BRIEF >>
Would you copy each line of the records that includes the word "brick"?

⁂

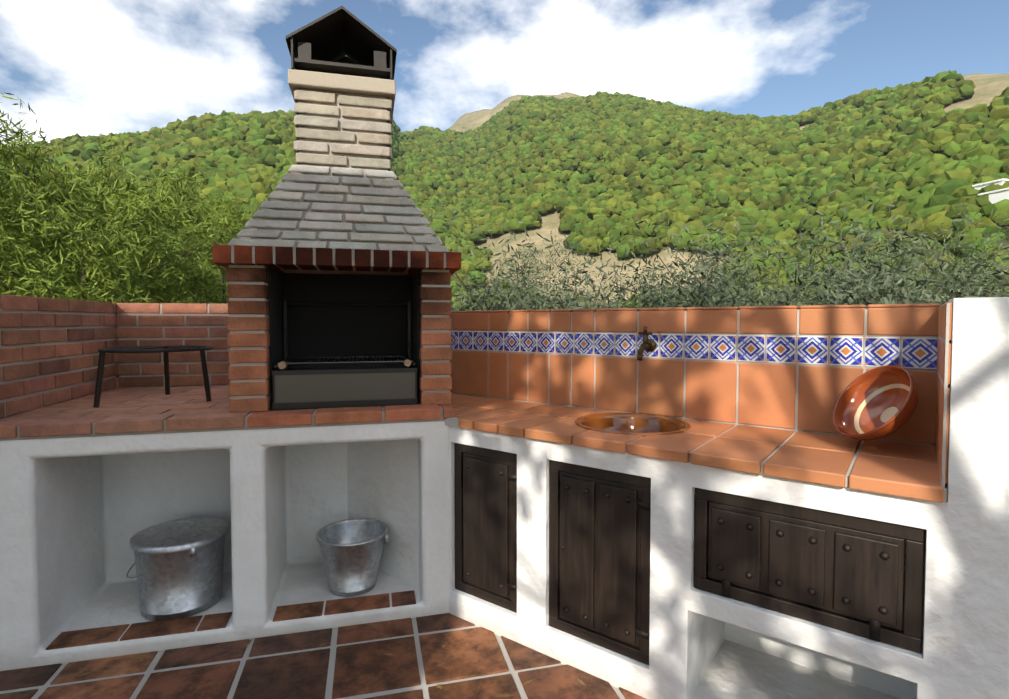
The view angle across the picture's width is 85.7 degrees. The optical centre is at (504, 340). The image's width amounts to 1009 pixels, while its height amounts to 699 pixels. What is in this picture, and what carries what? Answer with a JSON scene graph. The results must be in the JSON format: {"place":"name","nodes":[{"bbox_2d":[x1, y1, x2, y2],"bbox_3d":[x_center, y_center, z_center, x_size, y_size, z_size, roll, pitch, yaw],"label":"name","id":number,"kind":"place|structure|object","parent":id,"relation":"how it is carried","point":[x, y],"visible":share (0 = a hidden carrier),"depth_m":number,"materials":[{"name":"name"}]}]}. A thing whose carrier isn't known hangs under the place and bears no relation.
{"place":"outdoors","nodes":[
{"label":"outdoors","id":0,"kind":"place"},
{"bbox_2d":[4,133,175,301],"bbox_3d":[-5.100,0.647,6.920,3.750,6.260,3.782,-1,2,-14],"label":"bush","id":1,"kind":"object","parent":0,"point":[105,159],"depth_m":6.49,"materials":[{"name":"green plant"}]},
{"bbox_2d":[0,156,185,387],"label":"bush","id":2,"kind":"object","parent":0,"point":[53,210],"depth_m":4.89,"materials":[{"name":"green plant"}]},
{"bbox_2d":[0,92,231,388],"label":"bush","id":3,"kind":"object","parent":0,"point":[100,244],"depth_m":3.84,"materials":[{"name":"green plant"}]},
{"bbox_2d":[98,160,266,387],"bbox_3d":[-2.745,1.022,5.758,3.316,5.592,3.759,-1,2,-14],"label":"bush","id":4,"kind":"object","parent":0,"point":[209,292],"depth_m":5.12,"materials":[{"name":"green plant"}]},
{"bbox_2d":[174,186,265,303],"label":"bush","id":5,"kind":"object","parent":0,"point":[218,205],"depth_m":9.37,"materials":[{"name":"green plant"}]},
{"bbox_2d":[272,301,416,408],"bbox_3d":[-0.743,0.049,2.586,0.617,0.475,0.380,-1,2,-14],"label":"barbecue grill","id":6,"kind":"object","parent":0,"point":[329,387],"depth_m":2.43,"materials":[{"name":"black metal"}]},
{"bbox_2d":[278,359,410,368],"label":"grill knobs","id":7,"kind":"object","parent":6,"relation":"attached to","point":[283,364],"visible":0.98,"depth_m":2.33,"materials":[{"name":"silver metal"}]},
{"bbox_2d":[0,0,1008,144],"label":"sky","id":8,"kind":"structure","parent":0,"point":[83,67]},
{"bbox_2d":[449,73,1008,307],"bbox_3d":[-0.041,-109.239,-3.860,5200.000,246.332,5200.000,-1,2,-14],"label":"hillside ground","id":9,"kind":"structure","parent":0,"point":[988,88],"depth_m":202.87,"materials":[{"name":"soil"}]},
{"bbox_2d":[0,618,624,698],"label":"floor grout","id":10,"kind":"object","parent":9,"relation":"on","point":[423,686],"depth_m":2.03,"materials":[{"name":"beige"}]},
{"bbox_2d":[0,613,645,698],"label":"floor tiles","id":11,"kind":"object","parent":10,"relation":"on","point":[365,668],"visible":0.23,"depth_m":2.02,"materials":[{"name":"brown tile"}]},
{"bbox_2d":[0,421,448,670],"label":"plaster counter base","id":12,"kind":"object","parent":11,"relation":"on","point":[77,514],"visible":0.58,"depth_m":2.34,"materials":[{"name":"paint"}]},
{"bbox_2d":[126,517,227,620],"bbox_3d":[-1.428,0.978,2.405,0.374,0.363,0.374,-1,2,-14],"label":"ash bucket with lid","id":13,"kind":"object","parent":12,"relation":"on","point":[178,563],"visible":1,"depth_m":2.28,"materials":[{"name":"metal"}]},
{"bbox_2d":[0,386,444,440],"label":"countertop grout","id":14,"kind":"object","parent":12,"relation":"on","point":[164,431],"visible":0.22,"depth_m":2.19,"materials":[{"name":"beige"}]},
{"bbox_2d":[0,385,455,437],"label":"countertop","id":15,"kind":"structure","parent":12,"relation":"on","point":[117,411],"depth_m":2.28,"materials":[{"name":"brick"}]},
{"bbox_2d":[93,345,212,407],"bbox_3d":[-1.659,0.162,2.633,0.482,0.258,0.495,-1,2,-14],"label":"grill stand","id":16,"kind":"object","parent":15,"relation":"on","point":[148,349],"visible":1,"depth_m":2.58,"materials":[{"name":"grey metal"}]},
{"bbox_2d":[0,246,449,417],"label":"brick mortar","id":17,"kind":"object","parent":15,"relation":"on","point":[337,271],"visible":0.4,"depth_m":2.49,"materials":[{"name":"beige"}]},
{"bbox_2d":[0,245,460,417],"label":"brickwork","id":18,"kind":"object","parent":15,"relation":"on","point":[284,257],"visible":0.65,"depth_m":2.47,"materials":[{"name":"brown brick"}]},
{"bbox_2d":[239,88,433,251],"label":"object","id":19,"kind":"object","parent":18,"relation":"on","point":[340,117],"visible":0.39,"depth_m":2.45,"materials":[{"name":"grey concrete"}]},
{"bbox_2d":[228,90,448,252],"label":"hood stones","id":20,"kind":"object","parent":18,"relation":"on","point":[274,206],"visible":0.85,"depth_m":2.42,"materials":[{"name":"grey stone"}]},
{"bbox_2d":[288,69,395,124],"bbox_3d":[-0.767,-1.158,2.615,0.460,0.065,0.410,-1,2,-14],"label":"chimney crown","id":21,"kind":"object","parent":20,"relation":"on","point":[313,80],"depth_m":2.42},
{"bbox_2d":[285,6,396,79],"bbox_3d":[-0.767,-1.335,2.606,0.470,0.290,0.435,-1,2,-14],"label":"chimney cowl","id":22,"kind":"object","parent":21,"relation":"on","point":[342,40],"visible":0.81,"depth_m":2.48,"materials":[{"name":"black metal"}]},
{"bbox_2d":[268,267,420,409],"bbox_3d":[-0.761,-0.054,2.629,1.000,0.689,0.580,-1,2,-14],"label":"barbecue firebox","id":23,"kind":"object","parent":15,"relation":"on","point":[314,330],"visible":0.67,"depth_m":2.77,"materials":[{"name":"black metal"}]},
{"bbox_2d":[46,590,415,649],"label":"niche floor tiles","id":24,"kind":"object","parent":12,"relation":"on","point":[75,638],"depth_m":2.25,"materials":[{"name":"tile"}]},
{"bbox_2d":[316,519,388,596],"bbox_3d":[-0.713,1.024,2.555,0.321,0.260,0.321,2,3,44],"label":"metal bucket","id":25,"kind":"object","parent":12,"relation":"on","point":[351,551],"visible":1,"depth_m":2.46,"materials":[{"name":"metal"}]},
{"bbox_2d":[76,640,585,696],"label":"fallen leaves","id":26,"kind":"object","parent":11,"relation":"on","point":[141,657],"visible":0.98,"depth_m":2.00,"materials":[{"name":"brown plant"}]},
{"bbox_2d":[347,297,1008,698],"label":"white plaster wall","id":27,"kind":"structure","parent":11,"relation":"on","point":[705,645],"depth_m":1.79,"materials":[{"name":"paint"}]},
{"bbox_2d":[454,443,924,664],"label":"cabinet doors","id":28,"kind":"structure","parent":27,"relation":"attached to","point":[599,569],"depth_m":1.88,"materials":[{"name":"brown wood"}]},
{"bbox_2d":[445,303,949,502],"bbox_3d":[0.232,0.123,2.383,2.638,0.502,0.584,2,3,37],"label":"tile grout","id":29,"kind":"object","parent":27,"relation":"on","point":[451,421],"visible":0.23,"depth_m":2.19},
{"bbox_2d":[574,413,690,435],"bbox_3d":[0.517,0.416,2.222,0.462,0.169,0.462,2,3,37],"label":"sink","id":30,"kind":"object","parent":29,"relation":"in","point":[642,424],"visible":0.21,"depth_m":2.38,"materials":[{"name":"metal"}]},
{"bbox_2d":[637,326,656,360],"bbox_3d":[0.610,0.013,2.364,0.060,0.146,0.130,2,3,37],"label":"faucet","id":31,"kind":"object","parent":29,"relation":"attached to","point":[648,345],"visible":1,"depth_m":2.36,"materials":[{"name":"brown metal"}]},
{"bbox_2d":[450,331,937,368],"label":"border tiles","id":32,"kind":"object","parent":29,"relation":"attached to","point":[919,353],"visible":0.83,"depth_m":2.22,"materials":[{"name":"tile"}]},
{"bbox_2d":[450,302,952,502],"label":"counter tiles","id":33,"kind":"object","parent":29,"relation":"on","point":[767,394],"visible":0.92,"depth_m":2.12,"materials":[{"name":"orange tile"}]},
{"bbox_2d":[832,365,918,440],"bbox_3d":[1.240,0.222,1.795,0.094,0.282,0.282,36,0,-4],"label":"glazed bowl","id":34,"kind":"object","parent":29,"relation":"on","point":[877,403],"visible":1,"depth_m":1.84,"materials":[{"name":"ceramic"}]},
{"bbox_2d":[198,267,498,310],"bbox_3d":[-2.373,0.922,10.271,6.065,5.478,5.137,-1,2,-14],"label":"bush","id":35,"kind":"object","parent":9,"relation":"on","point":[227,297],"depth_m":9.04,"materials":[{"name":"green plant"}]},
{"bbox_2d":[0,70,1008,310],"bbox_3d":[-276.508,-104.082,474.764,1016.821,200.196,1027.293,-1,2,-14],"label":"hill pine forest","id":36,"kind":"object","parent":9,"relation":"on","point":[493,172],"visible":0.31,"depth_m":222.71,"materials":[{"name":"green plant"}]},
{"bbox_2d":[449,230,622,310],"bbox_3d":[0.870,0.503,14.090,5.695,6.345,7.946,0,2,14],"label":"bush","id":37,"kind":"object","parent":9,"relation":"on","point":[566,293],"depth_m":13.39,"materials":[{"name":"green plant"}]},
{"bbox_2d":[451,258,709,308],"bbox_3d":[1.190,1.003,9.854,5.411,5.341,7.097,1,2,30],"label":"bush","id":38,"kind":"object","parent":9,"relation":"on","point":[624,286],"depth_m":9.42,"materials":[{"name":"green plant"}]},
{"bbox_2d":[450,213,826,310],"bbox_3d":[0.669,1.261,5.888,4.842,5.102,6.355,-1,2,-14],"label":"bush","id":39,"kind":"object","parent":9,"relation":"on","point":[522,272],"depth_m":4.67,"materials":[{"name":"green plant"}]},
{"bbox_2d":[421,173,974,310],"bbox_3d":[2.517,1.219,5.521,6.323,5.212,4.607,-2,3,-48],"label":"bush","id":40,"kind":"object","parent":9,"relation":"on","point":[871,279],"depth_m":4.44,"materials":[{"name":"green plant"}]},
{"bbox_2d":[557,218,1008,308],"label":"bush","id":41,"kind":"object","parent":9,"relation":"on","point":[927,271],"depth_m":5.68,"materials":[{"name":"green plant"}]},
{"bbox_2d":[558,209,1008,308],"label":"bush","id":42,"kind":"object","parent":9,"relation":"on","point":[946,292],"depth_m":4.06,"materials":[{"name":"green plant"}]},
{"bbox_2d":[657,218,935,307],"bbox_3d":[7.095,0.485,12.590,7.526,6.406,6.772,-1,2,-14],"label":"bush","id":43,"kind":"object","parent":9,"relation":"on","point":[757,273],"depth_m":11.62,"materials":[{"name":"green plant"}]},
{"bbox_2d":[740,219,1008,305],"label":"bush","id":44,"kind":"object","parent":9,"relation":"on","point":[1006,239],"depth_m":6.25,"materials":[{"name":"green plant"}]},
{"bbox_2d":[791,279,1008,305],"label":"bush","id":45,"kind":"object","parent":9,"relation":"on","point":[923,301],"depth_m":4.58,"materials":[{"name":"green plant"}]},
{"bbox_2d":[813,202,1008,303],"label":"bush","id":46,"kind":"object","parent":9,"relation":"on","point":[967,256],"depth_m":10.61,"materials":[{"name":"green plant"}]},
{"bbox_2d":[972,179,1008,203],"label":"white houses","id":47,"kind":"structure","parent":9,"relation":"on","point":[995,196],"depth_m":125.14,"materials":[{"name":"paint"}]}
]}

⁂

RESULT OF THE TASK >>
{"bbox_2d":[0,385,455,437],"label":"countertop","id":15,"kind":"structure","parent":12,"relation":"on","point":[117,411],"depth_m":2.28,"materials":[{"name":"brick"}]},
{"bbox_2d":[0,246,449,417],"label":"brick mortar","id":17,"kind":"object","parent":15,"relation":"on","point":[337,271],"visible":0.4,"depth_m":2.49,"materials":[{"name":"beige"}]},
{"bbox_2d":[0,245,460,417],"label":"brickwork","id":18,"kind":"object","parent":15,"relation":"on","point":[284,257],"visible":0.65,"depth_m":2.47,"materials":[{"name":"brown brick"}]},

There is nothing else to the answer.